The processing or transformation of the delivery item by the customer shall always be carried out for us. If the delivery item is processed with other items not belonging to us, we shall acquire co-ownership of the new item in the ratio of the value of the delivery item to the other processed items at the time of processing. For the rest, the same shall apply to the item created by processing as to the goods subject to retention of title.

If the delivery item is inseparably combined or mixed with other items not belonging to us, we shall acquire co-ownership of the new item in the ratio of the value of the delivery item to the other combined or mixed items at the time of combination or mixing. If the combination or mixing is carried out in such a way that the customer's item is to be regarded as the main item, it shall be deemed agreed that the customer transfers co-ownership to us on a pro rata basis. The customer shall keep the sole ownership or the co-ownership for us.

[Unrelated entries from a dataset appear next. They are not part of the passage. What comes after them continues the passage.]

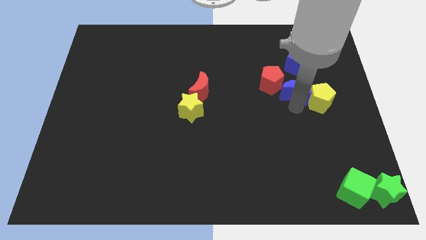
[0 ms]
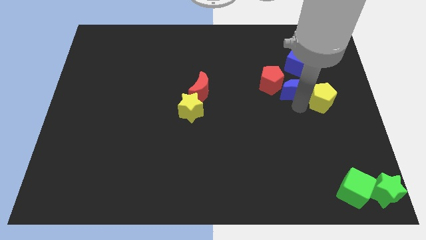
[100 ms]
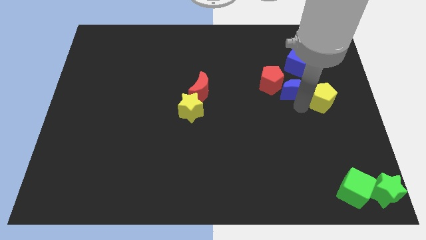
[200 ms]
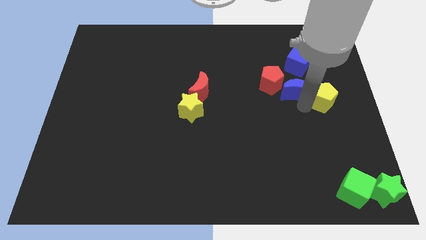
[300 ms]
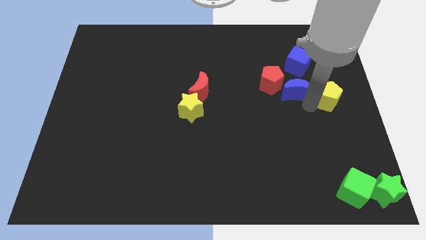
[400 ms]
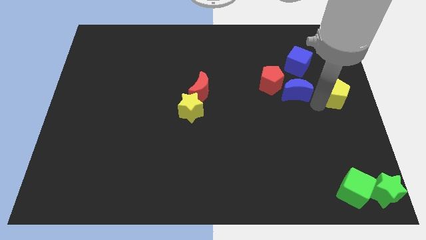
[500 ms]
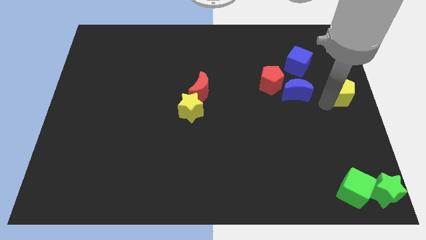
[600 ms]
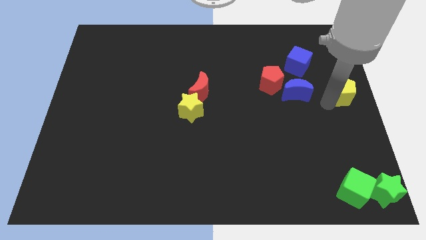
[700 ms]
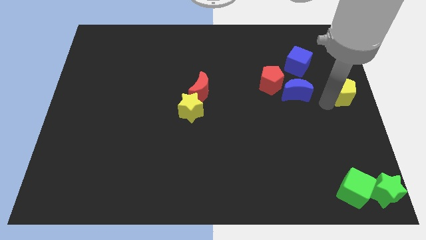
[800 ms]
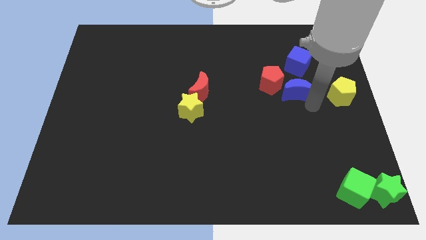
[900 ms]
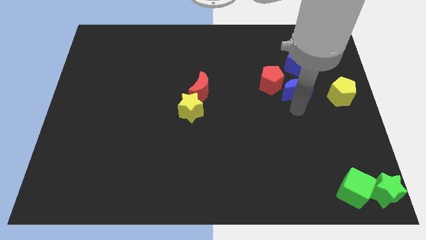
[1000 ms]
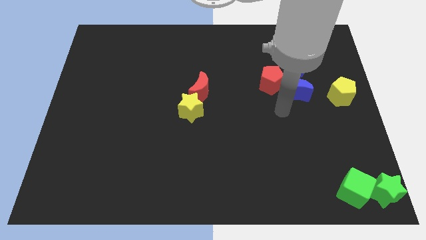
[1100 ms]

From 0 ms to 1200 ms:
separate the yellow pentagon from blue crescent

We undertake to release the securities to which we are entitled at the request of the customer to the extent that their value exceeds the claims to be secured, insofar as these have not yet been settled, by more than 20%.

 

3. Designs and constructions

 

Drawings, models, templates, etc. remain our exclusive property. They are entrusted only for the agreed purpose and may not be used for any other purpose. Copies or other reproductions including storage, processing or distribution using electronic systems may only be made for the agreed purpose. Neither originals nor copies may be handed over to third parties or made accessible in any other way.

 


4. Software

 

The rights to the software contained in our products shall remain with us. We grant the purchaser the right to use the software in connection with the purchased product. Any use beyond this as well as copying, passing on or modifying the software is prohibited and will be prosecuted.

 

5. Cost estimates (fees and deadlines)

 

... are generally subject to a charge. The final compensation (currently 50,00 €) will be refunded or charged when the repair is carried out according to the cost estimate or, if applicable, when a new device is purchased. If the repair order is not placed with us within 4 weeks of the cost estimate being drawn up, we will return the equipment or parts to the customer's address, possibly in a disassembled state, at the customer's expense.

 

 

6. Cancellation

 

In the event of cancellation by the customer, we are entitled to demand a cancellation fee of 15% of the order total, or 50% in the case of special production after the start of the production work, without prejudice to the assertion of further damages. System parts, products or accessories that are manufactured individually for the customer are excluded from cancellation and will be invoiced in full.